Piet Mondrian's Chrysanthemum

Aprile Gallant is the Associate Director of Curatorial Affairs and Senior Curator of Prints, Drawings, and Photographs, Smith College Museum of Art


In honor of the release of The Map of Every Lilac Leaf: Poets Respond to the Smith College Museum of Art and the September 22 reading by poet Mark Doty, both collaborations between SCMA and Smith College’s Boutelle-Day Poetry Center, today’s post by Senior Curator of Prints Drawings, and Photographs Aprile Gallant discusses Piet Mondrian’s drawing Chrysanthemum, the subject of Doty’s contribution to the volume.

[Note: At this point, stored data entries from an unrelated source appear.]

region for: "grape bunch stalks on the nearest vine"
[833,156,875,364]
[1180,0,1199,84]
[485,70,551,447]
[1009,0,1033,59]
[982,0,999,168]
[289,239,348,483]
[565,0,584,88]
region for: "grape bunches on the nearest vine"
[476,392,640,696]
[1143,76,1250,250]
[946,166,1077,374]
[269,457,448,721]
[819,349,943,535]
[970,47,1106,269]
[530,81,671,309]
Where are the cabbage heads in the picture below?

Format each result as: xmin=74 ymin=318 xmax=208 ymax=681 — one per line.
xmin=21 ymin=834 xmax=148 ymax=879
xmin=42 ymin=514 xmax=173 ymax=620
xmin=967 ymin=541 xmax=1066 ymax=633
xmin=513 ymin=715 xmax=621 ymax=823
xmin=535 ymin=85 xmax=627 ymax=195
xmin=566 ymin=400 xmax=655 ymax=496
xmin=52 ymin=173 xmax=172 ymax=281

No other flower signals the transition from summer to fall like chrysanthemums. Blooming in late July and lasting through November, this stalwart flower is showcased in an annual exhibition at Smith’s Botanic Garden (being held virtually this year), and there are hundreds of varieties that demonstrate different shapes, growth forms and colors.*

A single chrysanthemum bloom is the focus of a charcoal drawing by the Dutch artist Piet Mondrian in the SCMA collection. Although he is best known for his development of an abstract style of painting he named Neo-Plasticism, Mondrian’s early work was rooted in observations of the natural world. Mondrian’s goals in both his abstract and realist works were similar—to deeply investigate the organization of visual elements, and the vertical and horizontal forces on which nature is based. As the artist remarked in 1941: “I enjoyed painting flowers, not bouquets, but a singular flower at a time, in order that I might better express its plastic structure.”

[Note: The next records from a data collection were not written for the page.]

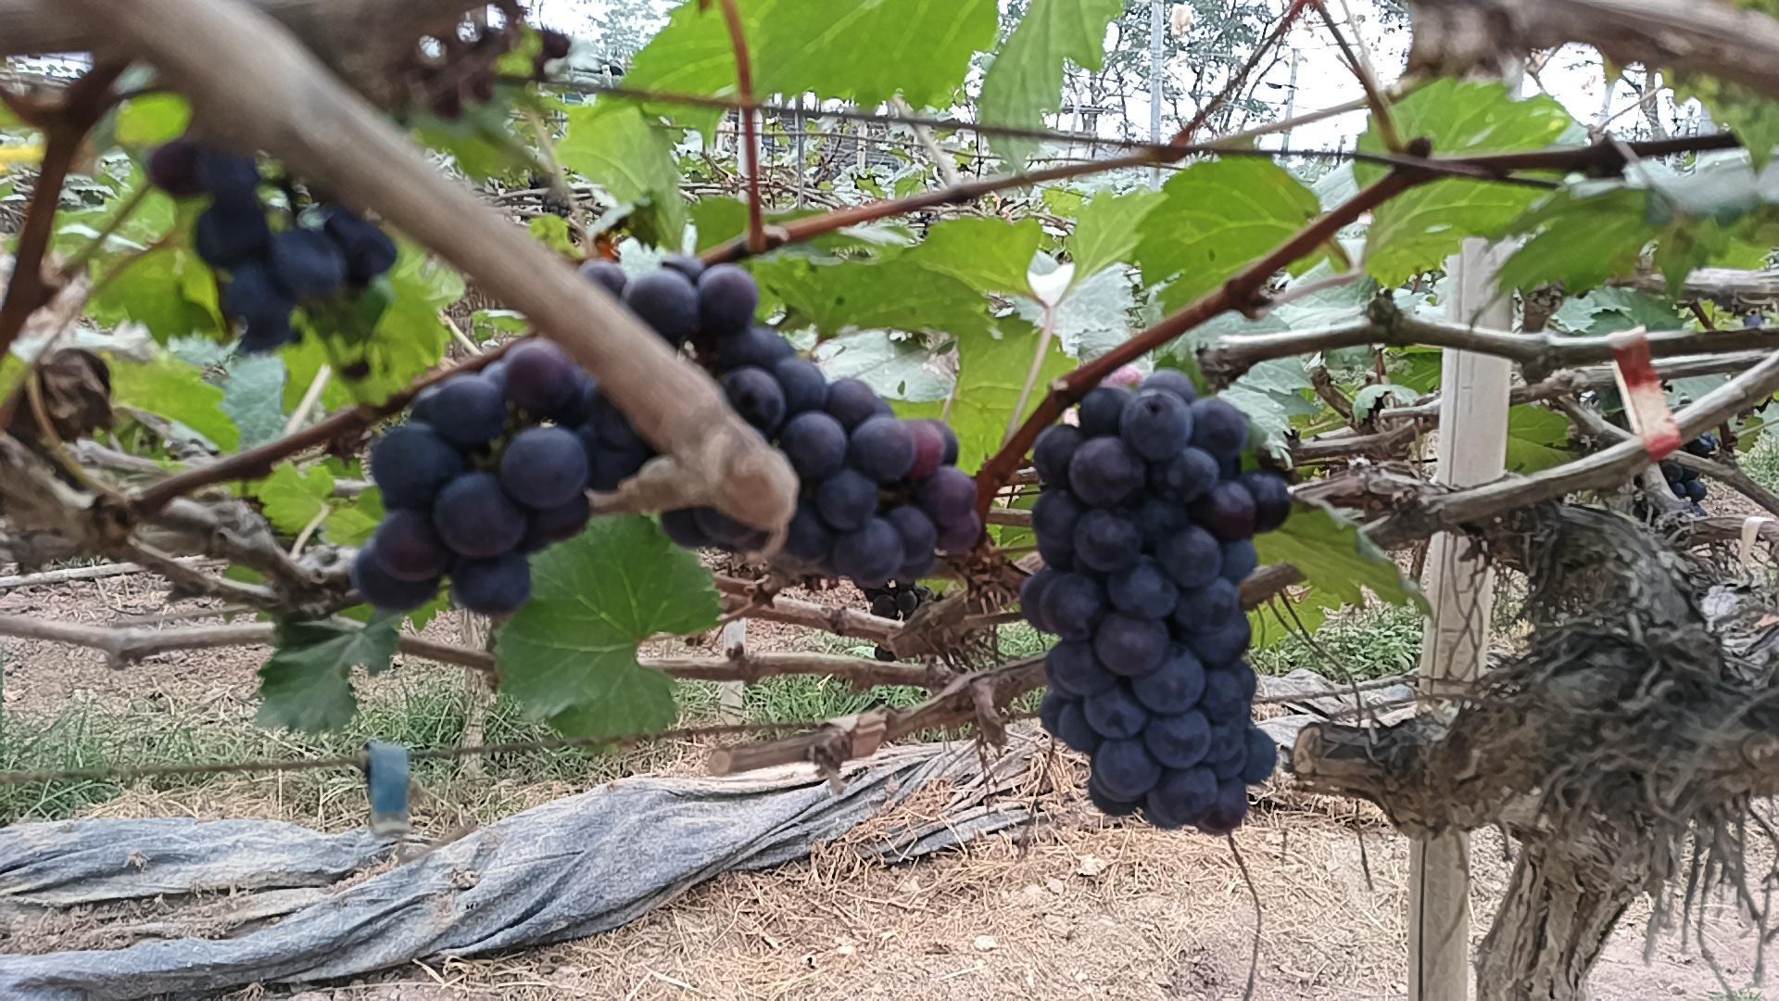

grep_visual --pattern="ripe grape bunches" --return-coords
[1022,363,1293,832]
[356,256,985,612]
[861,580,936,663]
[146,126,397,353]
[1631,433,1722,523]
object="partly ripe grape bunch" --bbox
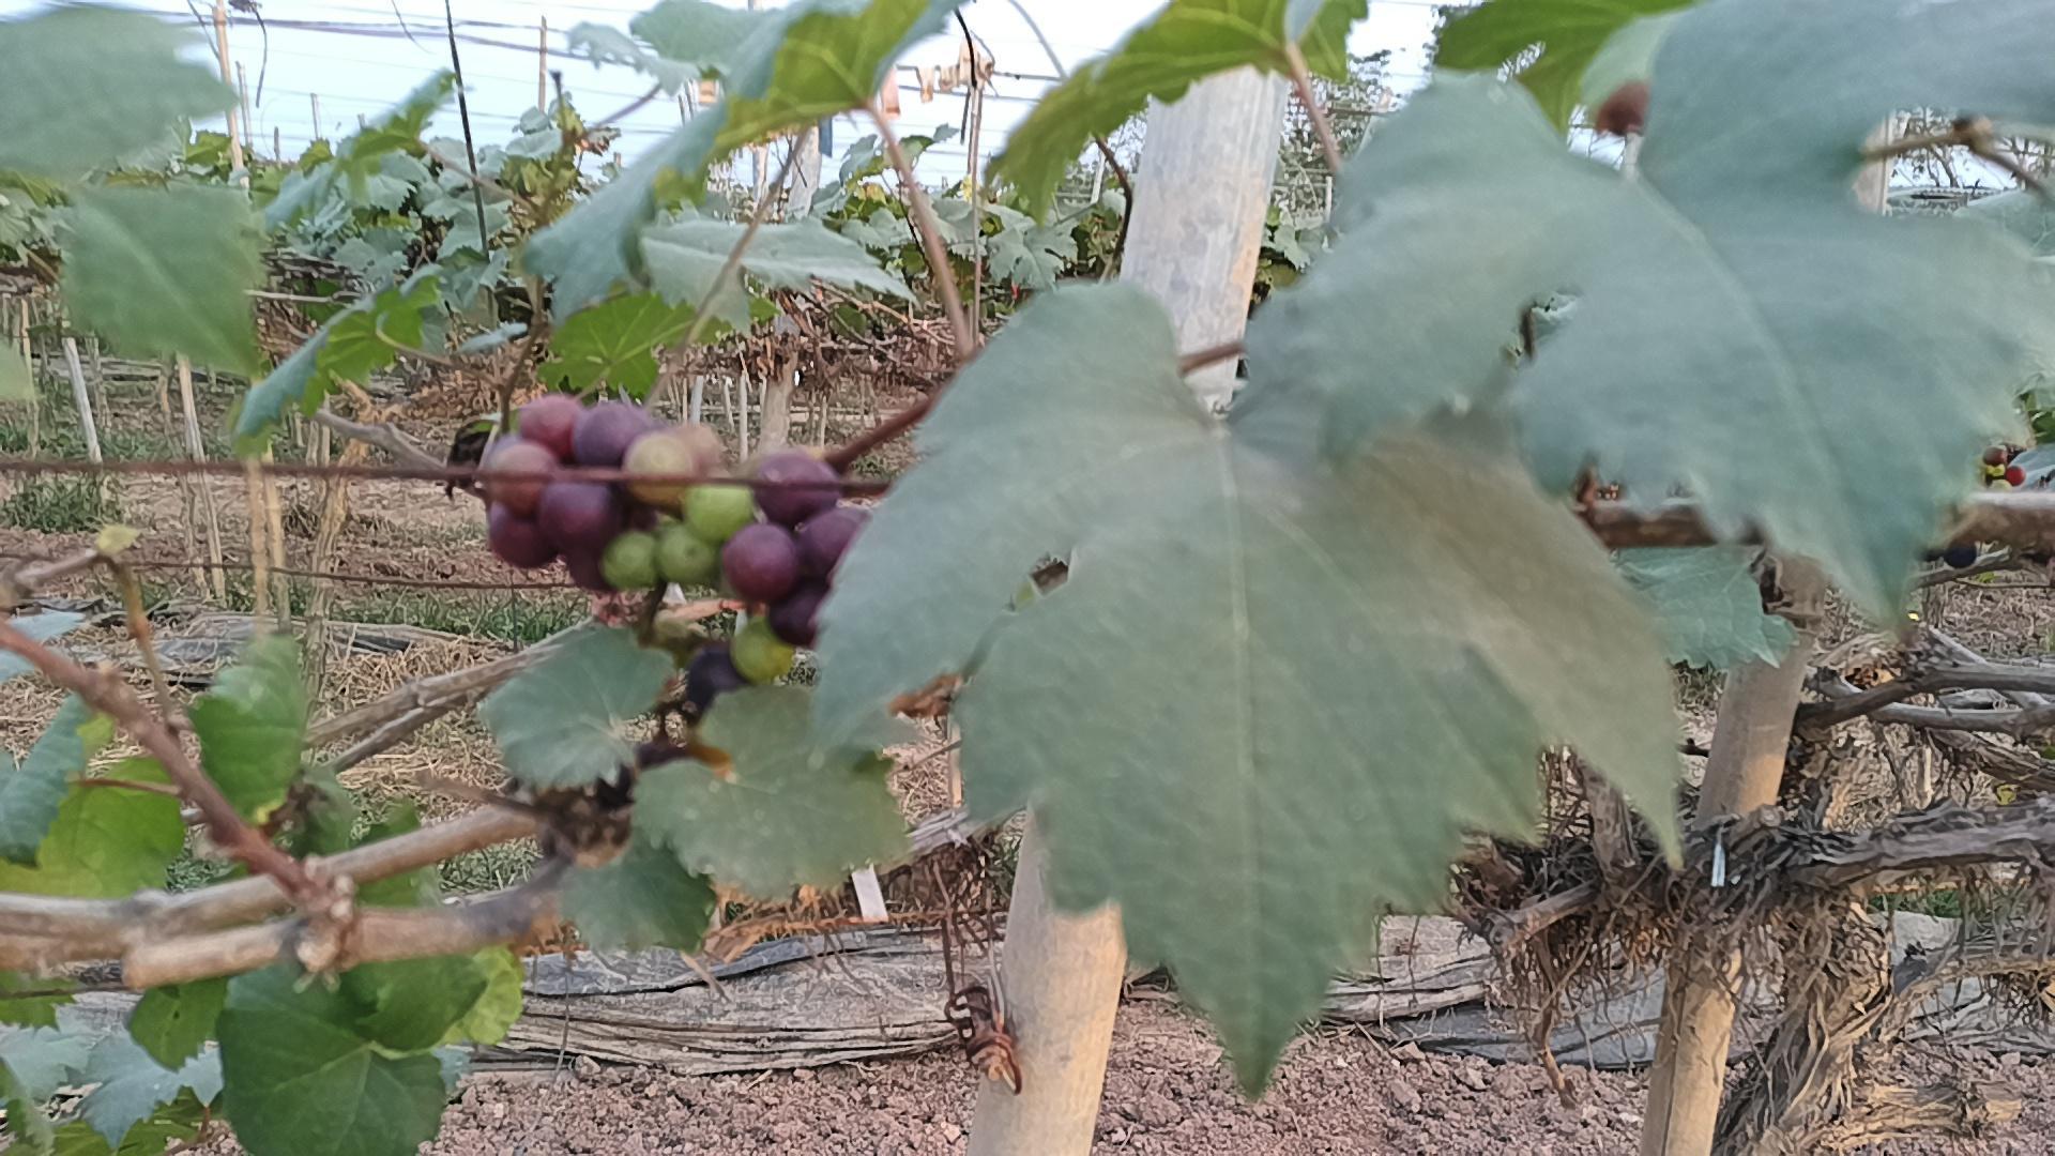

Mondrian made over 250 studies of flowers, many of them chrysanthemums. These drawings were often made as models for works in other media—paintings and watercolors—that could be sold to support him as he deepened his explorations of pure abstraction. Such flowers, however, were not just a means to an end, but intricate visual problems to be manually dissected and understood.

Mondrian often chose single mature blooms that were on the edge of decay, as can be seen in the chrysanthemum’s heavy drooping leaves and roughly layered, slightly askew petals.  Using two colors of chalk in a combination of sharp dark lines, smoky smudging, and linear shading that picks up the rough quality of the paper, Mondrian has created a blossom that reads perfectly as both an abstract composition and a unique flower in the real world.

*thanks to Elaine Chittendon and Jimmy Grogan at Smith’s Botanic Garden with assistance with proper terminology.